Kohan asked Girls casting director Jennifer Euston to help her assemble a large, star-free cast. What the showrunner had in mind for Orange surpassed even the diversity of Shondaland’s shows: a cast composed of women of all racial backgrounds but also all ages and sizes. Rhimes had nudged color consciousness to its limits on network television, but her spot at ABC meant she could push only so far past mainstream ideas of beauty. Jenji wanted to steer Orange into cinema verité territory: having the “Hollywood pretty” Piper character at the show’s center would only accentuate Orange’s realistic depiction of the other women’s bodies.

“Unknowns, all women—and so many minority women? I was like a kid in a candy store!” Euston recalls of the casting process. She had so many favorite actresses who, because of their color, size, age, or unconventional looks, could never get more than bit parts. And here was Kohan, promising possible series-regular roles for these great stage and character actresses.

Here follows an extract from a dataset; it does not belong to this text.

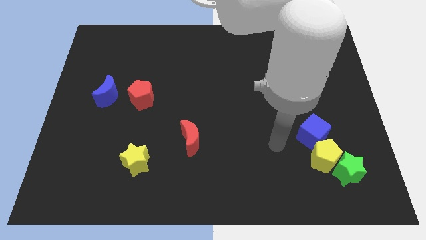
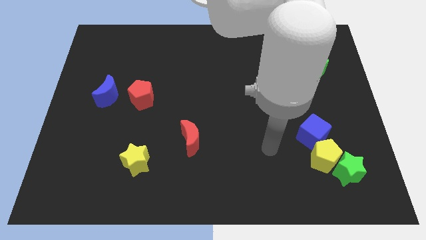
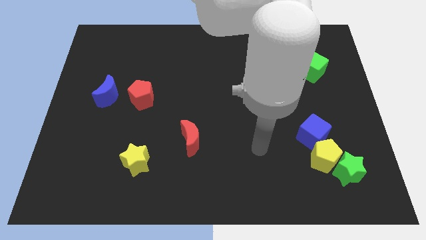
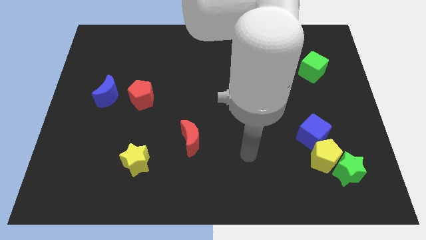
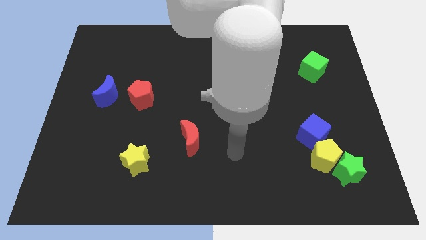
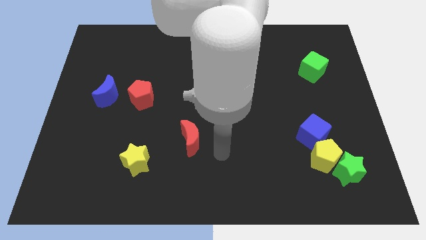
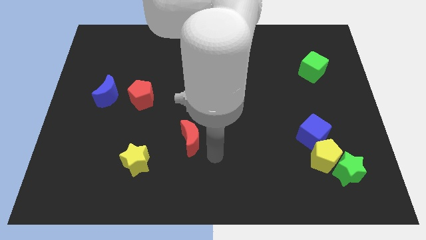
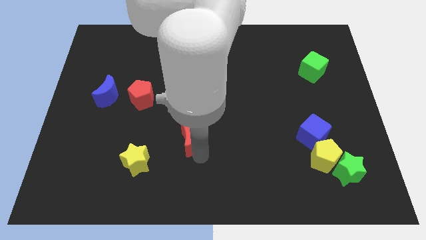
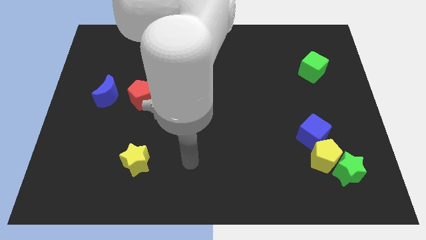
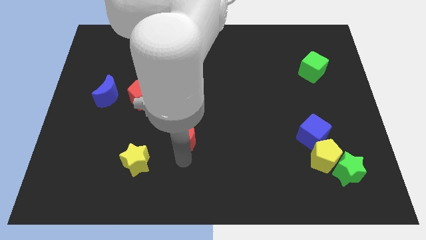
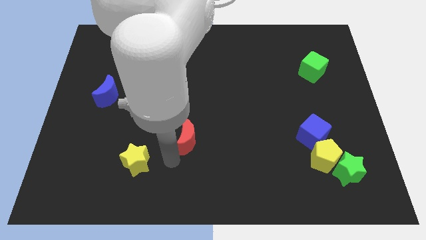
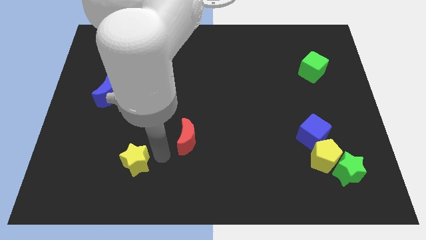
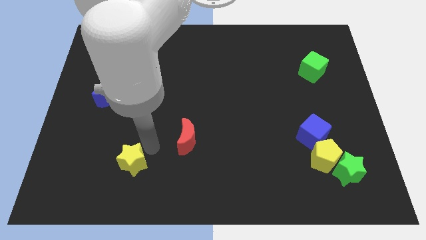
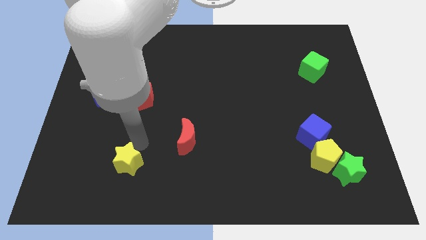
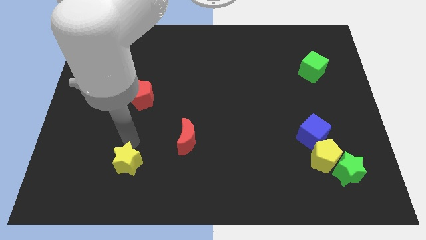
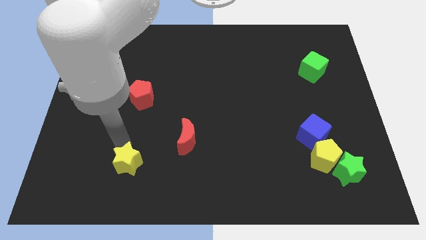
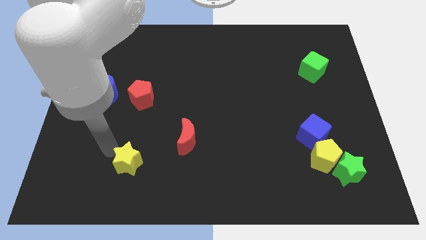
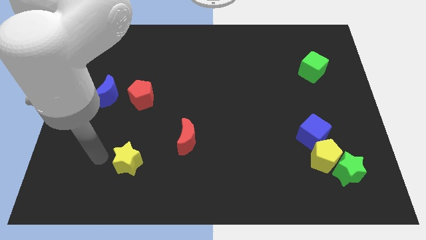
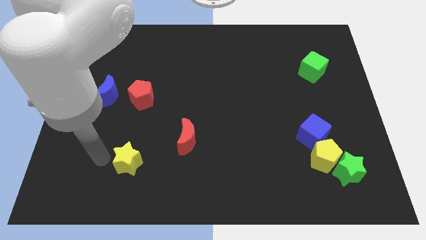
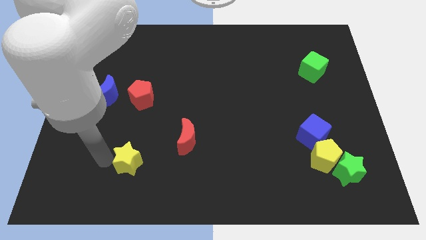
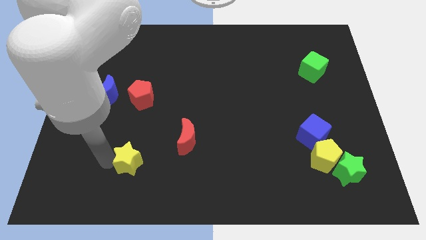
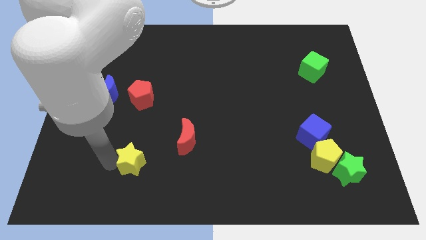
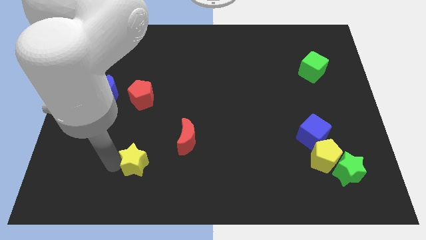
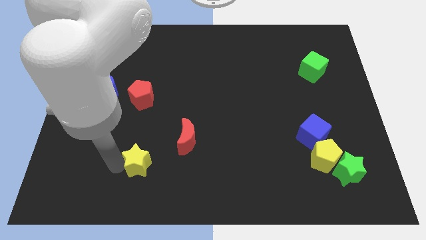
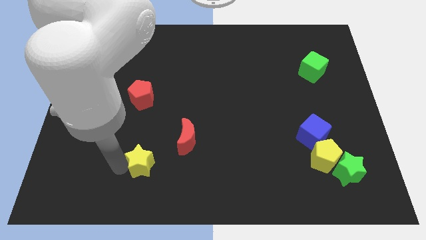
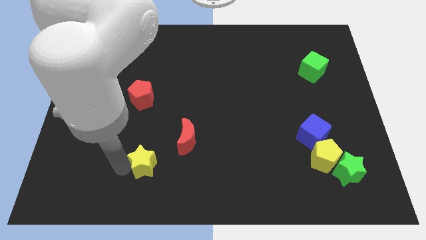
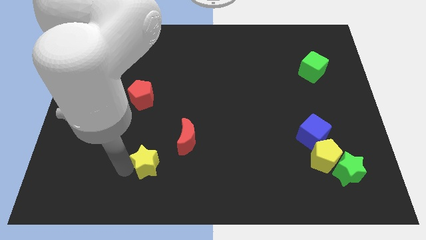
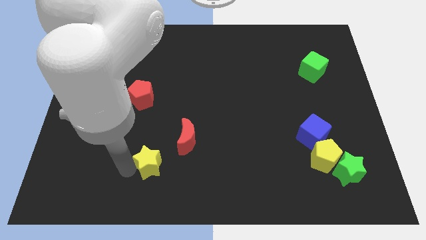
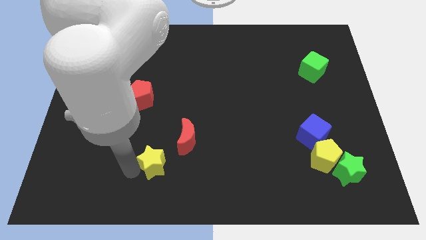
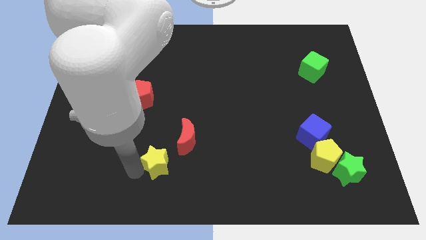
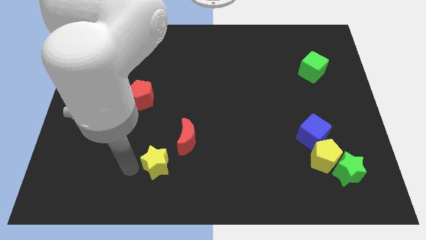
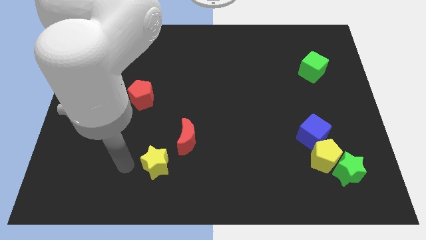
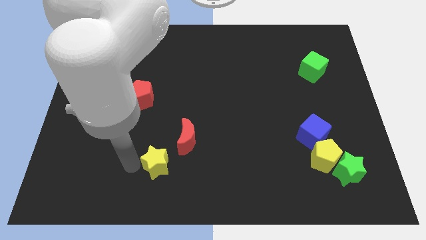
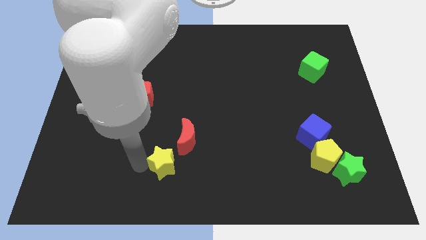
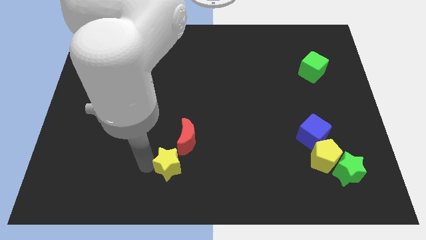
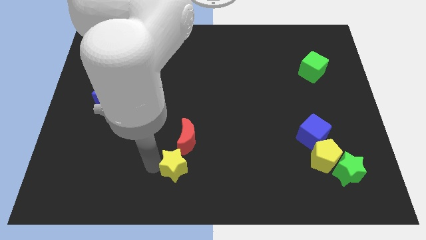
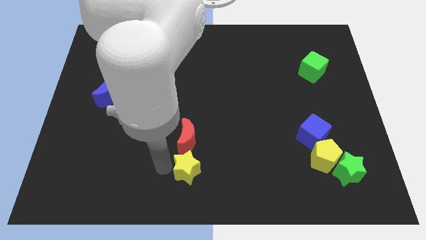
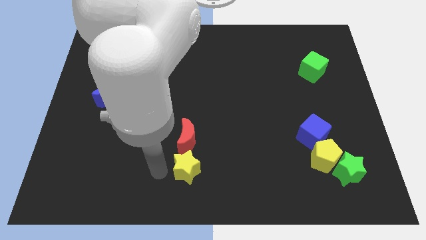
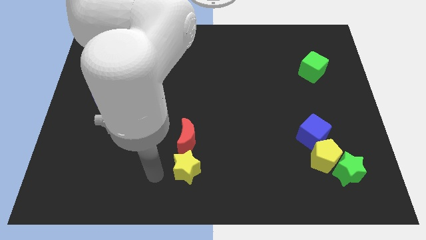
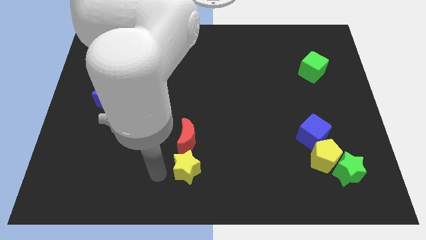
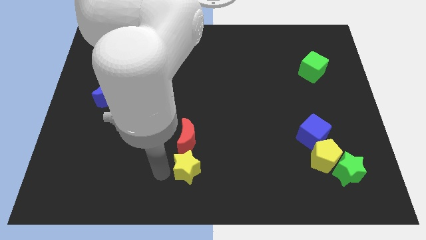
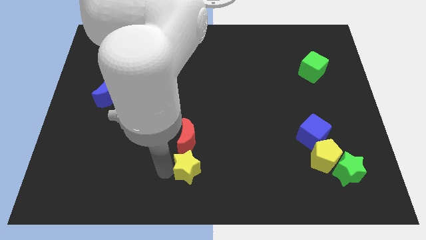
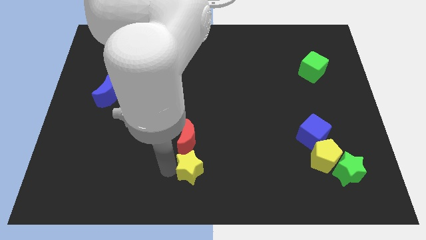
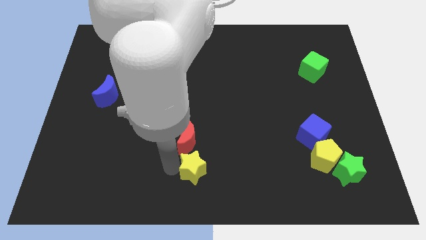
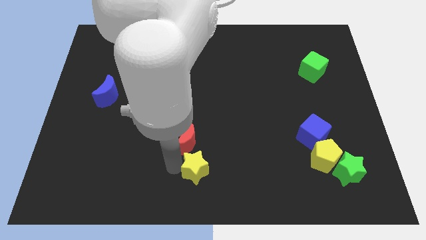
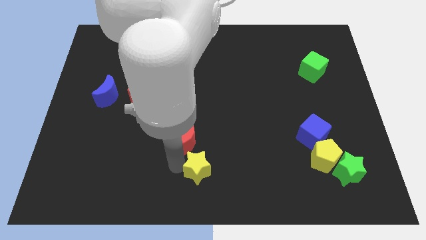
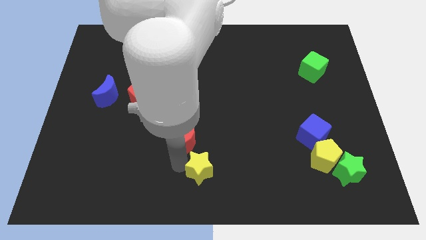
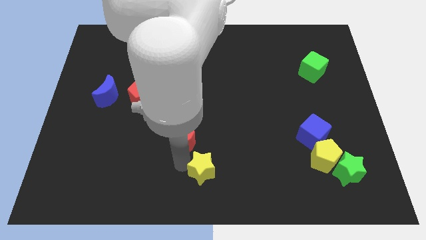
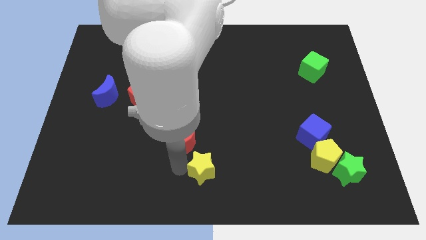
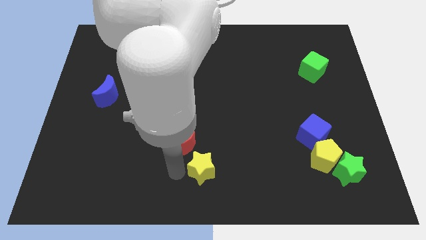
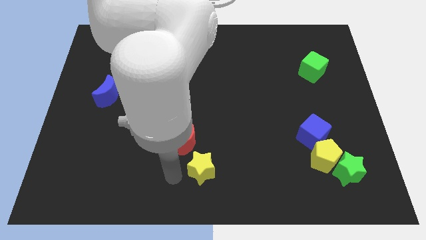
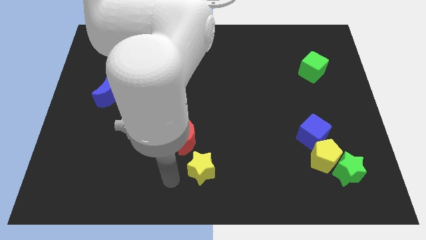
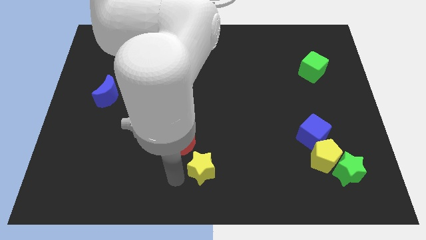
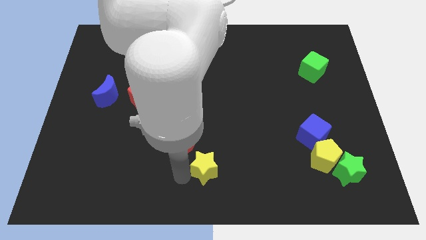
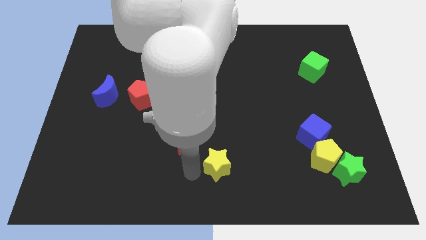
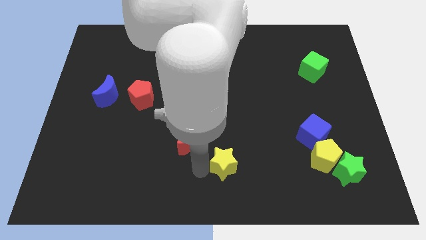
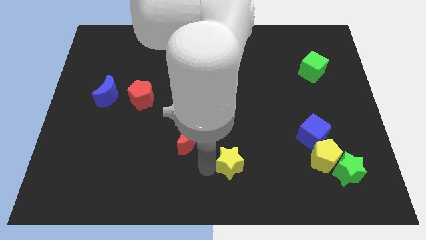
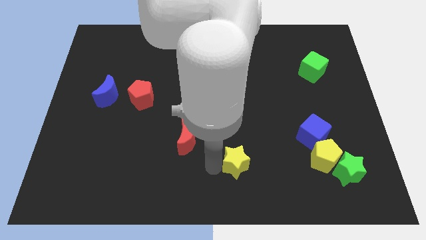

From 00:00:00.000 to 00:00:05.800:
slide the yellow star right

Euston didn’t have much material to work with for the initial auditions. For the role of an inmate named Taystee, she had just a single line—“You got those TV titties, all nice and perky!” Taystee says admiringly of Piper’s breasts in the shower room—but actress Danielle Brooks exuded a joyfulness that fit the part. Uzo Aduba was on the verge of quitting acting to go to law school when she read for the character of Jenae, a former track star. A runner herself, Aduba arrived for the audition with her hair tied in knots and a white tank top to show off her arms. Kohan later watched the tape and said, “I want Uzo for Crazy Eyes!” Euston was baffled. “I said, ‘Who is Crazy Eyes?’ She wasn’t even in the script at that point. But Jenji took the pool of people that I showed her, and if she liked them, she would just find them a part.”

Although most of the roles went to unknowns, Kohan drafted several familiar faces, such as Kate Mulgrew, Laura Prepon, Taryn Manning, and Jason Biggs. The role of Piper went to Taylor Schilling, who had starred in NBC’s medical series Mercy, and Kohan brought over a few actors she’d worked with on Weeds, including Pablo Schreiber (who would play the creepy corrections officer nicknamed Pornstache), Michael Harney (the slightly less creepy prison counselor Healy), and Natasha Lyonne.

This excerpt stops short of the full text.